Gustav Steinbrecht, 1885


Nur ein Beispiel einer " innovativen Lehre" in der Geschichte der Reitkunst: "Obgleich nun Baucher in arroganter Sprache sämmtliche Stallmeister alter und neuer Zeit, nicht nur Frankreichs, sondern aller Staaten, als unwissende und nichtdenkende Reiter schildert , sich als die Sonne der Reiterwelt aufstellt und alle bisher bestandenen Prinzipien umzustoßen bemüht war, so bewiesen dennoch alle angestellten Versuche und die aus diesen hervorgegangnen Resultate , " daß die in seiner Methode enthaltenen guten Prinzipien längst gekannt, und seine neuen sich wohl zur Dressur und Produktion seiner Kunstpferde im Circus, doch nicht zur Dressur eines Kampgnepferdes, das im Freien getummelt werden soll, eigneten , sich für das letzte sogar im höchsten Grade nachtheilig heraustellte." [...] Baucher`s Methode wurde, in Folge ihrer Unzweckmäßigkeit, in Frankreich, wo sie versuchsweise in mehreren Regimentern der Armee eingeführt war, wieder aufgehoben und erfuhr auch in allen anderen Staaten nach Überzeugung unbefriedigender Resultate, keine fernere Beachtung ",  rüssiert Seidler, einer der schärfsten Kritiker Bauchers.

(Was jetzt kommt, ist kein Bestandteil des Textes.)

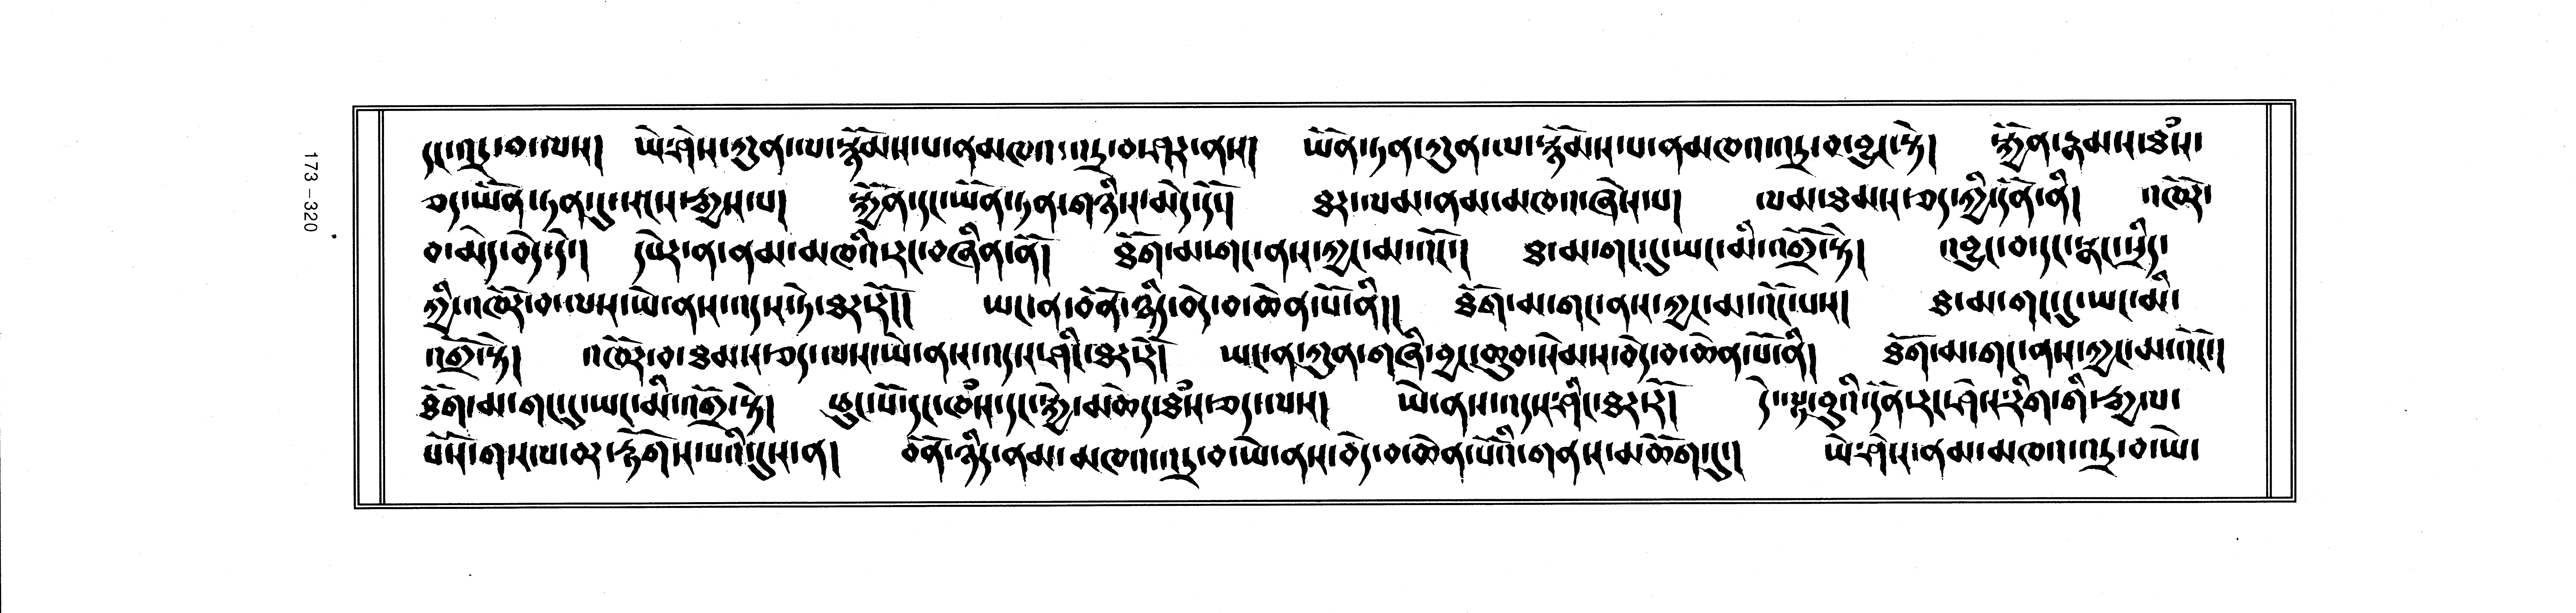དང་འདྲ་བ་ལས། ཡེ་ཤེས་ཀུན་ལ་སྙོམས་པ་ནམ་མཁའ་འདྲ་བ་ཤར་ནས། ཡོན་ཏན་ཀུན་ལ་སྙོམས་པ་ནམ་མཁའ་འདྲ་བ་བྱུང་སྟེ། སྐྱོན་རྣམས་ཐམས་
ཅད་ཡོན་ཏན་ཏུ་སངས་རྒྱས་པ། སྐྱོན་དང་ཡོན་ཏན་གཉིས་མེད་དོ། །ཐར་ལམ་ནམ་མཁའ་ཞེས་པ། ལམ་ཐམས་ཅད་ཀྱི་དོན་ནི། འཁོར་
བ་མེད་བདེ་སྟེ། དཔེར་ན་ནམ་མཁའི་རང་བཞིན་ནོ། །ཐོག་མ་གང་ནས་ཀྱང་མ་འོང་། ཐ་མ་གང་དུ་ཡང་མི་འགྲོ་སྟེ། འབྱུང་བ་དང་སྣང་སྲིད་
ཀྱི་འཁོར་བ་ལས་ཡེ་ནས་འདས་ཏེ་ཐར་རོ། །ཡང་ན་བོན་ཉིད་བདེ་བ་ཆེན་པོ་ནི། ཐོག་མ་གང་ནས་ཀྱང་མ་འོང་བས། ཐ་མ་གང་དུ་ཡང་མི་
འགྲོ་སྟེ། འཁོར་བ་ཐམས་ཅད་ལས་ཡེ་ནས་འདས་ཤིང་ཐར་རོ། །ཡང་ན་ཀུན་གཞི་བྱང་ཆུབ་ཀྱི་སེམས་བདེ་བ་ཆེན་པོ་ནི། ཐོག་མ་གང་ནས་ཀྱང་མ་འོང་། 
ཐ་མ་གང་དུ་ཡང་མི་འགྲོ་སྟེ། ཕུང་པོ་ཁམས་དང་སྐྱེ་མཆེད་ཐམས་ཅད་ལས། ཡེ་ནས་འདས་ཤིང་ཐར་རོ། །དེ་ལྟ་བུའི་དོན་རང་ཤེས་རིག་གི་རྒྱལ་
པོས་གསལ་བར་རྟོགས་པའི་དུས་ན། བོན་ཉིད་ནམ་མཁའ་འདྲ་བ་ཡེ་ནས་བདེ་བ་ཆེན་པོའི་གནས་མཆོག་ཏུ། ཡེ་ཤེས་ནམ་མཁའ་འདྲ་བ་ཡེ་
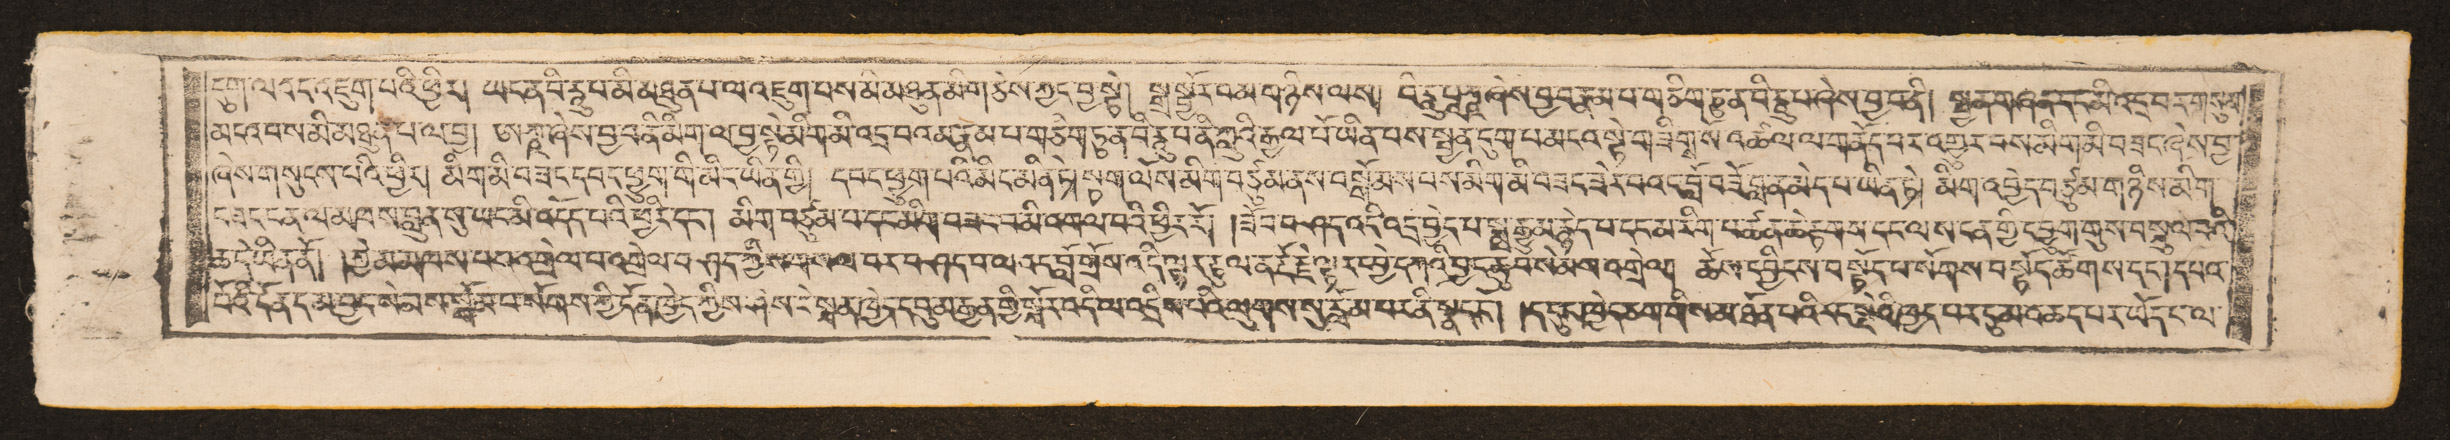དུག་ལའང་འཇུག་པའི་ཕྱིར། ཡང་ན་བི་རཱུ་པ་མི་མཐུན་པ་ལ་འཇུག་པས་མི་མཐུན་མིག་ཅེས་ཀྱང་བྱ་སྟེ། སྒྲ་སྦྱོར་བམ་གཉིས་ལས། བི་རཱུ་པཱཀྵ་ཞེས་བྱ་བ་རྣམ་པ་གཅིག་ཏུ་ན་པི་རཱུ་པ་ཞེས་བྱ་བ་ནི། སྤྱན་གཞན་དང་མི་འདྲ་བར་གསུམ་
མངའ་བས་མི་མཐུན་པ་ལ་བྱ། ཨཀྵ་ཞེས་བྱ་བ་ནི་མིག་ལ་བྱ་སྟེ་མིག་མི་འདྲ་བའམ་རྣམ་པ་གཅིག་ཏུ་ན་བི་རཱུ་པ་ནི་ཀླུའི་རྒྱལ་པོ་ཡིན་པས་སྤྱན་དུག་པ་མངའ་སྟེ་གཟིགས་སོ་འཚལ་ལ་གནོད་པར་འགྱུར་བས་མིག་མི་བཟང་ཞེས་བྱ་
ཞེས་གསུངས་པའི་ཕྱིར། མིག་མི་བཟང་དབང་ཕྱུག་གི་མིང་ཡིན་གྱི། དབང་ཕྱུག་པའི་མིང་མིན་ཏེ། སྟག་ལོས་མིག་བཙུམ་ནས་བསྒོམས་པས་མིག་མི་བཟང་ཟེར་བའང་བློ་བཟོ་བླ་ན་མེད་པ་ཡིན་ཏེ། མིག་འབྱེད་བཙུམ་གཉིས་མིག་
བཟང་ངན་ལ་མཁས་བླུན་སུ་ཡང་མི་འདོད་པའི་ཕྱིར་དང་། མིག་བཙུམ་པ་དང་མིག་བཟང་བ་མི་འགལ་བའི་ཕྱིར་རོ། །ཟོབ་བཤད་འདི་འདྲ་བྱེད་པ་སྨྲ་རྒྱུ་མ་རྙེད་པ་དང་མ་རིག་པ་ཚན་ཆེ་རྟགས་དང་ལས་ངན་གྱི་དབྱུག་གུས་བསྐུལ་བའི་
ཆ་དེ་ཡིན་ནོ། །ཀྱེ་མ་མཁས་པས་འགྲེལ་པ་འགྲེལ་བཤད་ཀྱིས་གསལ་བར་བཤད་པ་ལའང་བློ་གྲོས་འདི་ལྟར་རྟུལ་ན་རྡོ་རྗེ་ལྟར་དབྱེ་དཀའི་བྱང་ཆུབ་སེམས་འགྲེལ། ཆོས་དབྱིངས་བསྟོད་པ་སོགས་བསྟོད་ཚོགས་དང་། དཔའ་
པོའི་དོན་དམ་བྱང་སེམས་སྒོམ་པ་སོགས་ཀྱི་དོན་ཁྱེད་ཀྱིས་ཤེས་རེ་སྐན་ཁྱེད་དབུ་མ་རྒྱན་གྱི་སྐོར་འདི་ལ་འདྲིས་པའི་ལུགས་སུ་རློམ་བར་ནི་སྣང་ངོ། །ད་དུང་ཁྱེད་ཅག་གིས་མ་ཐོན་པའི་རང་སྡེའི་ཁྱད་པར་དུ་མ་འཆད་པར་ཡོད་པ་ལ་

Letzterer war bekannt für sein hervorragendes Timing im Umgang mit dem Pferd, das keine Chance hatte,seiner Einwirkung zu entgehen: er rühmte sich, jedes Pferd innerst kurzer Zeit zu brechen, um es reitbar zu machen.  Das hat mit Arbeit zum Benefit des Pferdes nichts zu tun.

Stressgesicht, aufgrissenes Maul , voll angezogene Kandare, Spannung im gesamten Pferdekörper: mit der Anmut und "Zierlichkeit" der "tanzenden" Pferde überhaupt nicht zu vergleichen und heute kein Vorbild mehr für denkende und fühlende Pferdebesitzer !

Er predigte zwar Leichtigkeit, aber zeitgenössische Malereien halten fest, mit welchen Methoden er sich in die Lage versetzte, sich PFerde gefügig zu machen. " Effet d´Énsemble"- der gleichzeitige volle Einsatz von Gebiss und Sporn,  "Cession de machoir "- das manipulative passive Bewegen des Unterkiefers, der es dem Pferd unmöglich machen sollte, Spannung gegen die Hand zu zeigen: diese und weitere  von Baucher beschriebene und angewandte Techniken, die das Pferd in den völligen Gehorsam des Reiters bringen sollten, galten zu seiner Zeit schon als sehr umstritten, weil sie dem PFerd seine natürlichen Kräfte und Gänge nahmen und dem PFerd vor allem mental großen Schaden zufügen. Einen Dialog auf Augenhöhe suchen wir hier vergeblich. Trotzdem hat Baucher bis in die heutige Zeit Anhänger, die ihn geradezu mystifizieren und das als Bauchers Erkenntnisse hochhalten, was wir bei genauem Hinsehen schon bei etlichen Reitmeistern vor ihm finden- bloß weniger kompliziert oder aber konkreter beschrieben.


Das Pferd, dessen Wohl ja eigentlich der Sinn eines jeden Trainings ist- oder zumindest aus ethischer Sich sein sollte- gerät bei diesen Dingen oft in den Hintergrund. Das Hinsehen, das ehrliche Reflektieren geht verloren. Der Blick über den Tellerrand wird plötzlich zum Verstoß, jede Kritik ist verboten, denn der Weg zur Erlösung ist ja klar vorgezeichnet...schweift vom Thema PFerdeausbildung ab? Ja, nicht wahr? Geht es überhaupt um Pferdeausbildung dabei?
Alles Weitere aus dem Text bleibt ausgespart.